NOTE: I'm not too experienced with java, so this UDF can easily be improved on (adding exception handling, what happens if a key added twice etc.). However, it does accomplish what you need it to.
package myudfs;
import java.io.IOException;
import org.apache.pig.EvalFunc;
import java.util.Map;
import java.util.HashMap;
import java.util.Iterator;
import org.apache.pig.data.Tuple;
import org.apache.pig.data.DataBag;
public class ConvertToMap extends EvalFunc<Map>
{
public Map exec(Tuple input) throws IOException {
DataBag values = (DataBag)input.get(0);
Map<Object, Object> m = new HashMap<Object, Object>();
for (Iterator<Tuple> it = values.iterator(); it.hasNext();) {
Tuple t = it.next();
m.put(t.get(0), t.get(1));
}
return m;
}
}
Once you compile the script into a jar, it can be used like:
REGISTER myudfs.jar ;
-- A is loading some sample data I made
A = LOAD 'foo.in' AS (foo:{T:(id:chararray, value:chararray)}) ;
B = FOREACH A GENERATE myudfs.ConvertToMap(foo) AS bar;
Contents of foo.in:
{(open,apache),(apache,hadoop)}
{(foo,bar),(bar,foo),(open,what)}
Output from B:
([open#apache,apache#hadoop])
([bar#foo,open#what,foo#bar])
Another approach is to use python to create the UDF:
myudfs.py
#!/usr/bin/python
#outputSchema("foo:map[]")
def BagtoMap(bag):
d = {}
for key, value in bag:
d[key] = value
return d
Which is used like this:
Register 'myudfs.py' using jython as myfuncs;
-- A is still just loading some of my test data
A = LOAD 'foo.in' AS (foo:{T:(key:chararray, value:chararray)}) ;
B = FOREACH A GENERATE myfuncs.BagtoMap(foo) ;
And produces the same output as the Java UDF.
BONUS:
Since I don't like maps very much, here is a link explaining how the functionality of a map can be replicated with just key value pairs. Since your key value pairs are in a bag, you'll need to do the map-like operations in a nested FOREACH:
-- A is a schema that contains kv_pairs, a bag in the form {(id, value)}
B = FOREACH A {
temp = FOREACH kv_pairs GENERATE (key=='foo'?value:NULL) ;
-- Output is like: ({(),(thevalue),(),()})

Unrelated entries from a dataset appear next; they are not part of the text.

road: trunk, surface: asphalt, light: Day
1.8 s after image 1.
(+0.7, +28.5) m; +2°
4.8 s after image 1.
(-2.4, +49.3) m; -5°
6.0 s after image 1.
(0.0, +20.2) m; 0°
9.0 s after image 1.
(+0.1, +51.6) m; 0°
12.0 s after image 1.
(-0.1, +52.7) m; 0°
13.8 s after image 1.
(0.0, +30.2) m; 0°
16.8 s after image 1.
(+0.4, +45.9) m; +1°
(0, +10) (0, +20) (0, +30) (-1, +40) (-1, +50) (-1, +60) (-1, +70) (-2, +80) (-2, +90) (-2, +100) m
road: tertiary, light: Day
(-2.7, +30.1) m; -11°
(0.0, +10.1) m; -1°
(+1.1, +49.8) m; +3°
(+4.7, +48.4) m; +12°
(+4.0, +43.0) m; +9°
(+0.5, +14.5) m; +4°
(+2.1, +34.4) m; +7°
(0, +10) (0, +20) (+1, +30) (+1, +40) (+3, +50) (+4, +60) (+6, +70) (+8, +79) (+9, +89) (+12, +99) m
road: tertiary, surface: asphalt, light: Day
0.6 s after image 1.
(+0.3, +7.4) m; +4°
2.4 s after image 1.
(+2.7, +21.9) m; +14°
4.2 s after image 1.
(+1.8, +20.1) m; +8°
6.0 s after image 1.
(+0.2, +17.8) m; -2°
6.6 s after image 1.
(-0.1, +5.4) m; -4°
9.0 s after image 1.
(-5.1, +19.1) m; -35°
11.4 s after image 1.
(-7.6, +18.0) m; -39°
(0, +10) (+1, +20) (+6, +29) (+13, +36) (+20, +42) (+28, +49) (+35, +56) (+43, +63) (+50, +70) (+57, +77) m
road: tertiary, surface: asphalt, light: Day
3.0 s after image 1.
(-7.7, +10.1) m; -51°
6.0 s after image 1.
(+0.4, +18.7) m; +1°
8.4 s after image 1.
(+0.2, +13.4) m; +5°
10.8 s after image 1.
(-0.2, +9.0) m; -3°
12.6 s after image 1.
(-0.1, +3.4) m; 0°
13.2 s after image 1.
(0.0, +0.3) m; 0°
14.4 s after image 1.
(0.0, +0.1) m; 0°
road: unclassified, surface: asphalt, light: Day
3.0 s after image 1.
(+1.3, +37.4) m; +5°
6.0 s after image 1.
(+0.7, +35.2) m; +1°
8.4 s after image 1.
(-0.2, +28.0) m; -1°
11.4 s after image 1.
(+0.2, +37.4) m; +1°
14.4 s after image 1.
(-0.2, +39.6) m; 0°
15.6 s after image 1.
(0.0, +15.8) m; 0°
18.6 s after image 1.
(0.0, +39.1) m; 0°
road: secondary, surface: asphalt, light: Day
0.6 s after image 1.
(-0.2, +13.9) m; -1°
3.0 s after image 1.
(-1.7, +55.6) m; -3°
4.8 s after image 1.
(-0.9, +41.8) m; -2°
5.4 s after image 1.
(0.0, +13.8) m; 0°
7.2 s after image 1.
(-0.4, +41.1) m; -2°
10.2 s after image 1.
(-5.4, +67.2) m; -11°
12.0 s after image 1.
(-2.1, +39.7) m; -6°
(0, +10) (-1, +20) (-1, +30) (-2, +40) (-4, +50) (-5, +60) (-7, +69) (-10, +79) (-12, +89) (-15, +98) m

-- MAX will pull the maximum value from the filtered bag, which is
-- value (the chararray) if the key matched. Otherwise it will return NULL.
GENERATE MAX(temp) as kv_pairs_filtered ;
}
I ran into the same situation so I submitted a patch that just got accepted: https://issues.apache.org/jira/browse/PIG-4638
This means that what you wanted is a core part starting with pig 0.16.